The protocol for non-integrated POCT method validation according to CAP and CLIA’88 standards must include accuracy, precision, verification of cut-offs, reportable range and analytical measuring range, POCT inter-instrument comparison and comparison with bench top analyzers placed in the central laboratory(19) (20) (21). Reagent shipments and lot numbers must be validated (22). To determine the appropriate use of non-integrated POCT, an evaluation of each test is necessary to establish the unacceptable turnaround time based on clinical requirements. POCT tests, such as beta hCG and SARS-CoV-2 antigen test are recommended to have a turnaround time of no more than 20 minutes in emergency situations. This allows healthcare professionals to make timely and informed medical decisions.

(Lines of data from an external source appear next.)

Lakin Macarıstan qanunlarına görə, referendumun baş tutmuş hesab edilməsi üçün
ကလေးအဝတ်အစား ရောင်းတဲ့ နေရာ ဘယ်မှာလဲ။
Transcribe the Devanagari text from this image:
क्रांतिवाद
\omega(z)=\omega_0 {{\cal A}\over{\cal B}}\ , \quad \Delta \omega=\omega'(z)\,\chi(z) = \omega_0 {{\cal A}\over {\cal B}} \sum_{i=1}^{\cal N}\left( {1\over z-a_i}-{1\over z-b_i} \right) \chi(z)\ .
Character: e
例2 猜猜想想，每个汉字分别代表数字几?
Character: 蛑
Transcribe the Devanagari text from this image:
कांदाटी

Management of consumables and reagents should be procured in a cost-effective manner for each POCT site. POCT costing must include the fixed capital cost (instrument, proficiency survey cost, service contract for vendor, ancillary infrastructure, etc.) and variable cost (reagent consumption, internal controls, consumables, cartridges) (10) (23).

POCT POLICIES AND PROCEDURES FOR NON-INTEGRATED POCT

As per CLSI guidelines, a quality management system (QMS) approach must be followed for the development of standards and policies for non-integrated POCT. The laboratory director or designee should take responsibility for QC, QA, and test utilization of non-integrated POCT. Every POCT site that performs non-integrated POCT must have written policies and procedures available at the testing sites. The POCT training curriculum should be outlined for every non-integrated POCT by the pathologists or the subject experts and shared with POCT interdisciplinary committee for approval and feedback. Every non-integrated POCT at the institute, as well as its adherence to legal requirements, must be handled by the central laboratory. The central laboratory is responsible for ensuring that the necessary training, quality control (QC), proficiency testing (PT), and validation processes are carried out, confirmed, and documented initially and then on a regular basis.(24).

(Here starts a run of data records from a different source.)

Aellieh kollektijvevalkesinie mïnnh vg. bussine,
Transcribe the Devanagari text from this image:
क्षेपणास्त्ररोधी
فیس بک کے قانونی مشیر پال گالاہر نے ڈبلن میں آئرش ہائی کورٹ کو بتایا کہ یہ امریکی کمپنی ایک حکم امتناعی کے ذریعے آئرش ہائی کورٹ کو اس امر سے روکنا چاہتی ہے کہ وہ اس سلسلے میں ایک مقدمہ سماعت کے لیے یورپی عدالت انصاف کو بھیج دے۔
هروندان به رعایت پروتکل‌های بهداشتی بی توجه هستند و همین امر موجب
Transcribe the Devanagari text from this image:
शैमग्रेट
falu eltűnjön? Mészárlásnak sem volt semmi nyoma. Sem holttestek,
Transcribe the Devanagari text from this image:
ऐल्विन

It should be ensured that the purpose of POCT, i.e. prompt results for prompt patient management, must not be lost and the processes should be simple and easy to follow (25). As noted by Harvey, the mean turnaround time expected by clinicians managing patient in in critical care areas ranges from 5-15 minutes(26). Hence the policies and processes need to be carefully designed keeping this challenge of turnaround time in mind.

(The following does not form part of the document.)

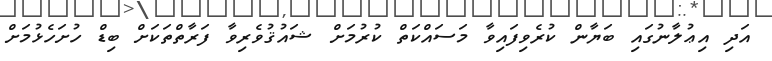
އަދި އިޢުލާނުގައި ބަޔާން ކުރެވިފައިވާ މަސައްކަތް ކުރުމަށް ޝައުޤުވެރިވާ ފަރާތްތަކަށް ބިޑް ހުށަހެޅުމަށް

NON-INTEGRATED POCT DATA CAPTURE

Healthcare regulatory bodies and accreditation agencies, such as the CLIA’88, the JCI, CAP, emphasize the importance of monitoring POCT operator competency and instrument quality as these will lead to reliability of results (20) (27) (28). These regulations stress the need for laboratory oversight and review of POCT QC and patient data. The labour and resources that must be devoted to the POCT locations in order to achieve regulatory compliance with quality assurance, including record keeping, archiving, billing, and data entry into the electronic medical record or LIMS, will increase with manual, non-integrated POCT devices (29).

The advantages of POCT are multiplied when patient and QC results are directly downloaded into a LIMS with minimal human intervention (30) (31). For accreditation and patient safety, trail (manual or electronic) must link each patient result to the POCT user, user’s training and competency records, the reagents or cartridges utilized and its validation, and the device validation and maintenance even if manual entries or manual logs must be kept (32). Where possible connectivity of POCT device to POCT data management system and to the LIMS need to be established. Before bringing non-integrated POCT into practice evaluation of data security, processes, risk assessment must be carried out and reviewed by the IT support and POCT teams.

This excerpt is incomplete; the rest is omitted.